We can find a map $\beta: \text{Hom}(A,\Gamma(X,\mathcal{O}_X)) \rightarrow \text{Hom}(X,\text{Spec} A)$ by sending a map $g: A \rightarrow \Gamma(X,\mathcal{O}_X)$ to a map from $X$ to $\text{Spec} A$ defined as follows:

First taking affine open cover of $X = \cup \, \text{Spec} A_i$, then taking spectrum of the map $g$ (after being composed with the restriction map, i.e. consider $g_i: A \rightarrow A_i$ and take $\text{Spec} g_i$), and glue them together. Details are in the post: Prove that the natural map $\alpha : \text{Hom}(X,\text{Spec} A) \rightarrow \text{Hom}(A,\Gamma(X,\mathcal{O}_X))$ is an isomorphism.

My question is: How to show the map $\alpha$ and $\beta$ are inverse to each other?

The question in affine case is casual, where $\alpha$ is simply "taking global sections" and $\beta$ is "taking spectrum". These two are "inverse" to each other indeed. Yet how to show this in the general case on scheme (not just affine schemes). In other word, the adjunction of $\Gamma$ and $\text{Spec}$ is in affine case, hence is "local". Yet how to "glue these adjunctions"?

Any direct proof on "the map $\alpha$ and $\beta$ are inverse to each other" is welcomed :)
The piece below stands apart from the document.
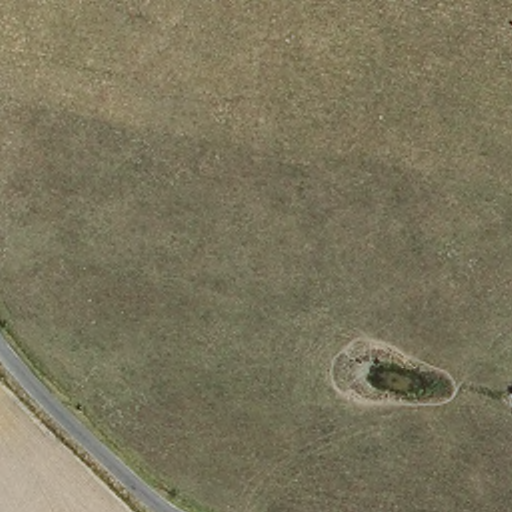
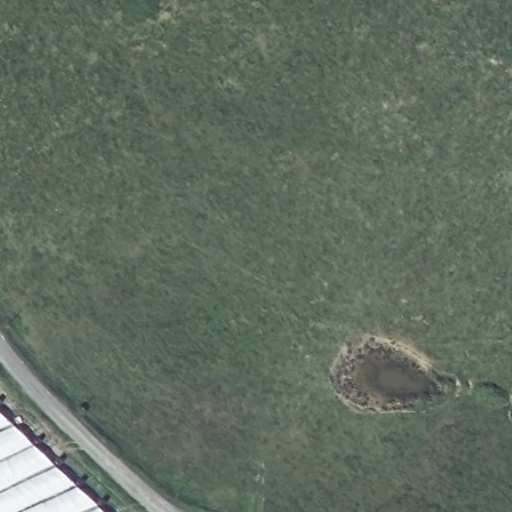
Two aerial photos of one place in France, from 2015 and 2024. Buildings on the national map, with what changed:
new [(0,410),(107,512),(0,512),(0,410)]
demolished [(75,512),(0,512),(0,422),(75,512)]

P.S. I know that there is a proof in broader context on locally ringed space, i.e. https://stacks.math.columbia.edu/tag/01I1, but I still hope to practice the method of gluing things.

Answer 1

Let $f:X\to\text{Spec}A$ be a morphism of schemes. Then there is an associated homomorphism of sheaves $f^\#:\mathscr O_\text{Spec A}\to f_*\mathscr O_X$, and taking global sections gives $\alpha(f):A\to\Gamma(X,\mathscr O_X)$. Now, let $X=\cup\text{Spec}A_i$ be an open affine cover. $\beta\circ\alpha(f)$ is obtained by glueing the morphisms $\text{Spec}A_i\to\text{Spec}A$. However, these morphisms are just $f|_{\text{Spec}A_i}$, so glueing them just gives $f$.
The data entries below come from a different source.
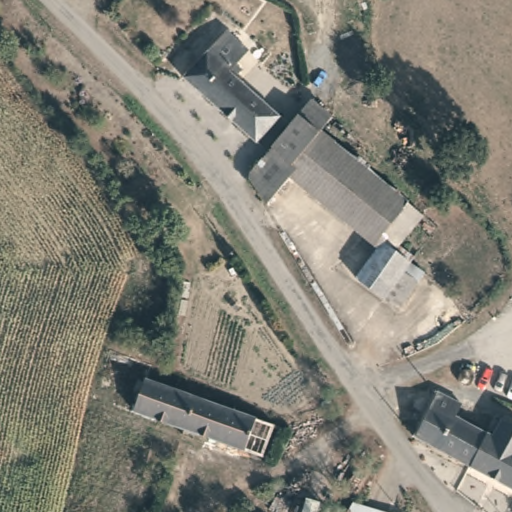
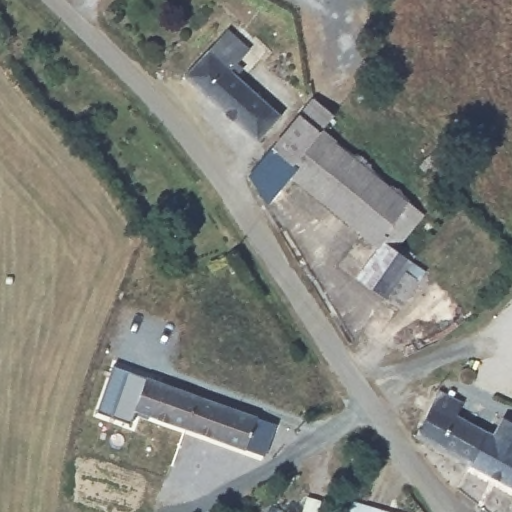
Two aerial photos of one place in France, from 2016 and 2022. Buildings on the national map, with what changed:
unchanged [(202,58),(227,30),(245,48),(233,61),(242,70),(237,76),(281,116),(257,142),(185,76),(202,58)]
unchanged [(296,166),(298,168),(292,176),(269,204),(250,175),(313,100),(333,115),(321,129),(325,133),(296,166)]
unchanged [(408,202),(383,232),(382,230),(373,243),(292,176),(298,168),(296,166),(325,133),(337,142),(407,199),(408,202)]
unchanged [(419,282),(400,307),(359,278),(370,262),(388,235),(383,232),(408,202),(424,213),(397,249),(411,261),(426,270),(419,282)]
new [(137,409),(132,424),(96,412),(114,365),(149,378),(137,409)]
unchanged [(460,375),(465,369),(472,369),(477,376),(470,384),(466,384),(460,375)]
unchanged [(266,456),(137,409),(151,374),(277,424),(266,456)]
unchanged [(458,414),(487,431),(471,464),(464,460),(417,436),(439,389),(463,403),(458,414)]
unchanged [(487,431),(494,434),(503,418),(512,422),(512,486),(471,464),(487,431)]
unchanged [(352,504),(358,504),(380,511),(379,512),(347,512),(352,504)]
unchanged [(380,511),(385,512),(379,512),(380,511)]

Conversely, let $g:A\to\Gamma(X,\mathscr O_X)$ be a ring homomorphism and let $X=\cup\text{Spec}A_i$. Then, $\beta(g)$ is obtained by glueing together the morphisms of schemes $f_i:\text{Spec}A_i\to\text{Spec}A$. This gives a morphism of sheaves $\beta(g)^\#:\mathscr O_{\text{Spec}A}\to(\beta(g))_*\mathscr O_X$.
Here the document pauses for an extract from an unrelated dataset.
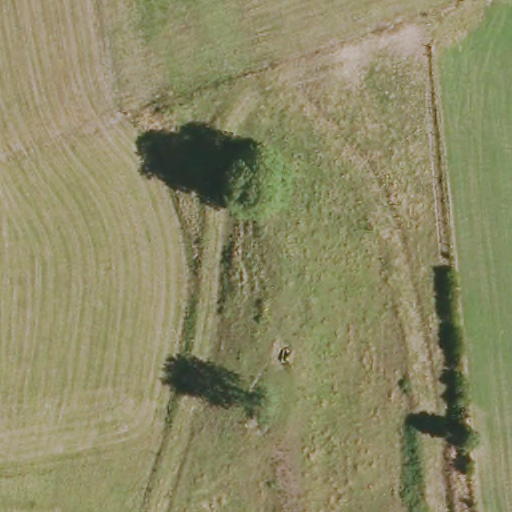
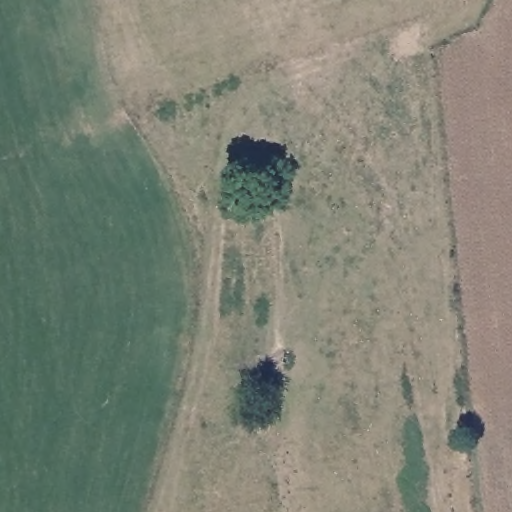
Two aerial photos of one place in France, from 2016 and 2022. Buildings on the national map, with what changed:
[]

Let $a\in A$, so that $g(a)\in\Gamma(X,\mathscr O_X)$. We want to show $g(a)=(\alpha\circ\beta(g))(a)$. It is enough to show that $g(a)|_{\text{Spec}A_i}=(\alpha\circ\beta(g))(a)|_{\text{Spec}A_i}$. $$ (\alpha\circ\beta(g))(a)|_{\text{Spec}A_i} =(\beta(g)^\#(X))(a)|_{\text {Spec}A_i} =(f_i^\#(\text{Spec}A))(a)=g(a)|_{\text{Spec}A_i}. $$